Man. It’s been a month plus since I’ve written? Madness.
It isn’t that I don’t have anything to say. On the contrary, I have too much to say. That, and I have little time to write thoughts.
That’s not true.
I just don’t give myself time.
This semester has been quite taxing. I used to remember in high school, when I would say that there is rarely any time for me to practice music because I have a busy schedule. In retrospect, I laugh. I mock my old thought. There was always ways to economize my time.
I’ve reached a point, this semester, where I’m burning too much of the candle. Seven classes, three private lessons, eighteen hours of practice, plus job position as a TA. It’s a lot. Not too much, but a lot. It’s bad enough by itself, but life has a funny way of throwing emotional jabs, adding to the weight. It gets to a point where all I can cry is “Lord, slow me down!”
A slower pace. I think we all can use it.
Sometimes we go too fast. Sometimes I go too fast. When we run, indeed, we get a lot of work done, but we miss out in the life around us. I remember a couple weeks ago, I was super stressed. I had to attend this concert—which would eat a huge chunk out of my time to do sleep and practice—and I had to perform one of my pieces at a friend’s junior recital (problem being, we hadn’t done a full rehearsal since the prior semester and our last performance of the piece was terrible).

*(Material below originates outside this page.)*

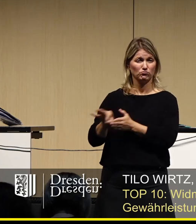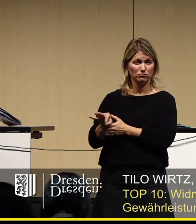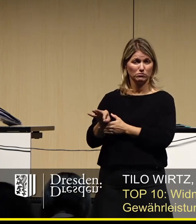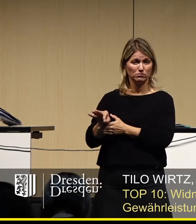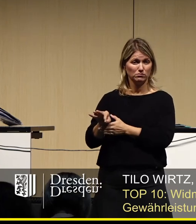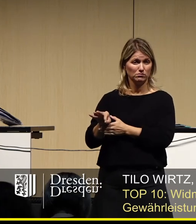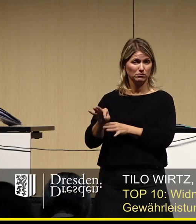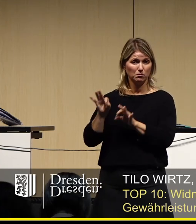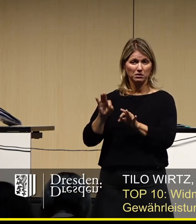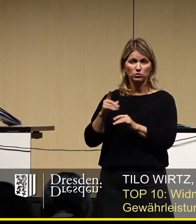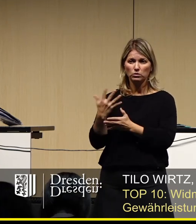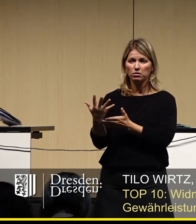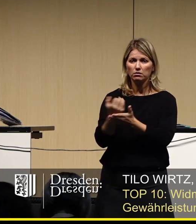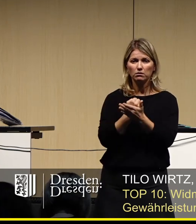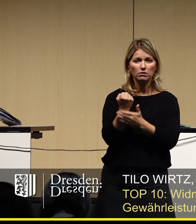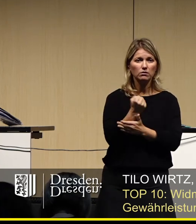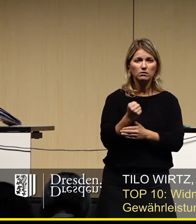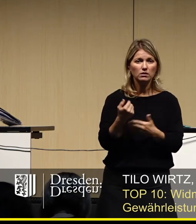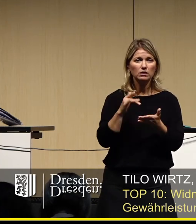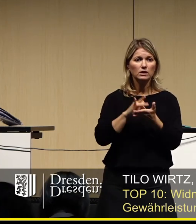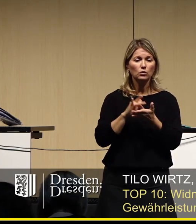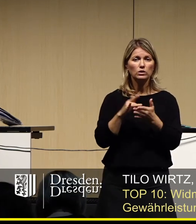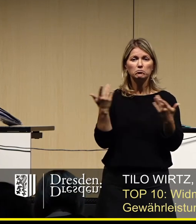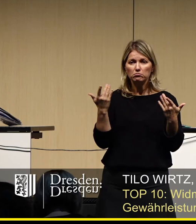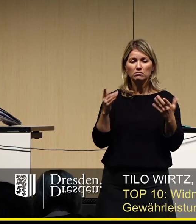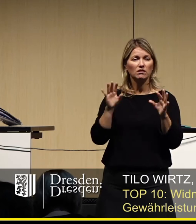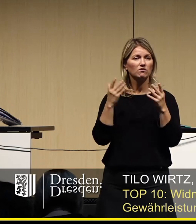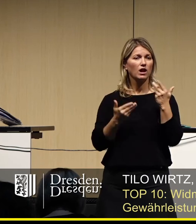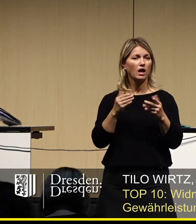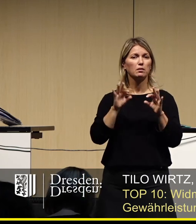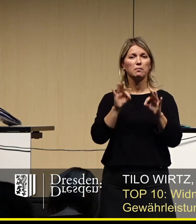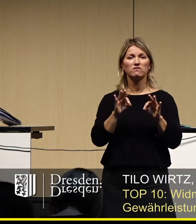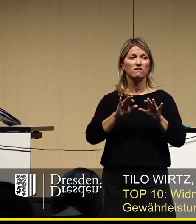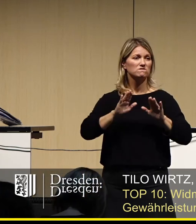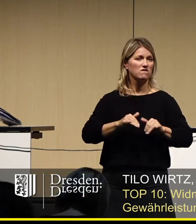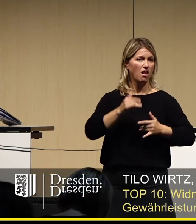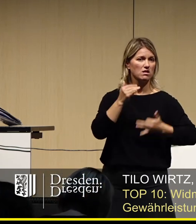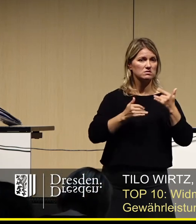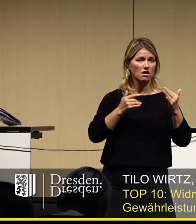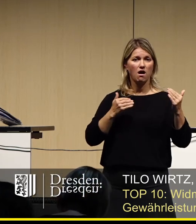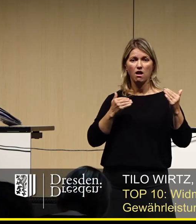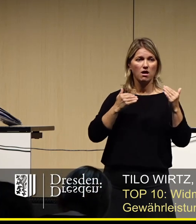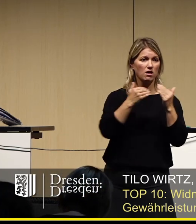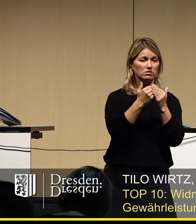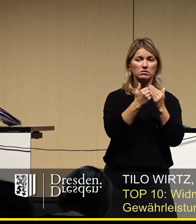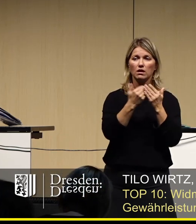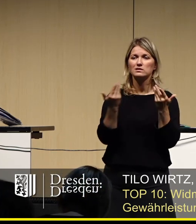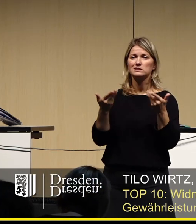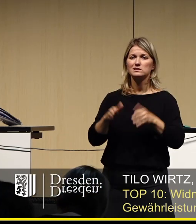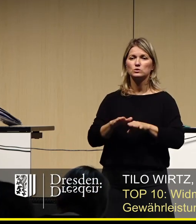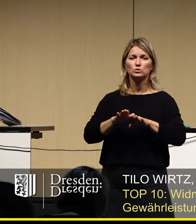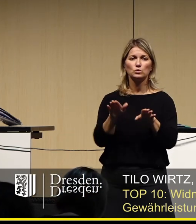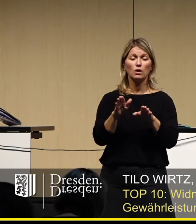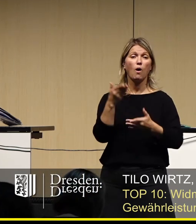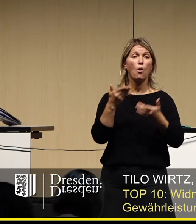keinen Umsatz machen zu können, entweder weil der Markt aufgrund der Feldzahlen, die uns dazu zwingen, geschlossen werden muss oder

There was more whip cream on top of the situation—it just evades me at the moment.
Point being, I was stressed.
That friday, I was getting blows from the left and right constantly. I remember walking to the music building stressed and pissed, and my friend Mark Freed commented how lovely the sunset was. My response wasn’t a joyous or sympathetic one. Rather, it was a self-centered and problematic one. “I wish I had time to enjoy it.”
I wish I had time to enjoy it. By saying that, I am recognizing that there is beauty and goodness in the sunset. In the same sentence, I am claiming that I do not have time to look and accept the goodness.
I find it a fallacy to say that one does not have time to accept goodness.
God’s beauty is all around us. His creation isn’t just for aesthetics. While sunsets may be beautiful and landscapes may be breathtaking, there’s more to creation than just visual pleasure. Just as the rainbow was a promise to Noah, God’s creation is a promise to us. A promise that not only is God bigger than our troubled hearts, but that He is with us in our troubled times. A promise that all will be made well.
But how can we see the sunset fade in the horizon if we try to speed our lives too fast? I’m not saying to stop all our works and focus on nature. Not at all. I still go to Loma and still am taking many classes and still need to accomplish the goals my professors set before me. But if we could just stop. Stop and pause to see the bigger picture. To see that our struggles and worries are part of something bigger that we can’t control on our own mere strength, then maybe our burden wouldn’t be as heavy as we make it out to be. Maybe.
While my thoughts are rarely profound, I do hope to keep writing throughout the school year.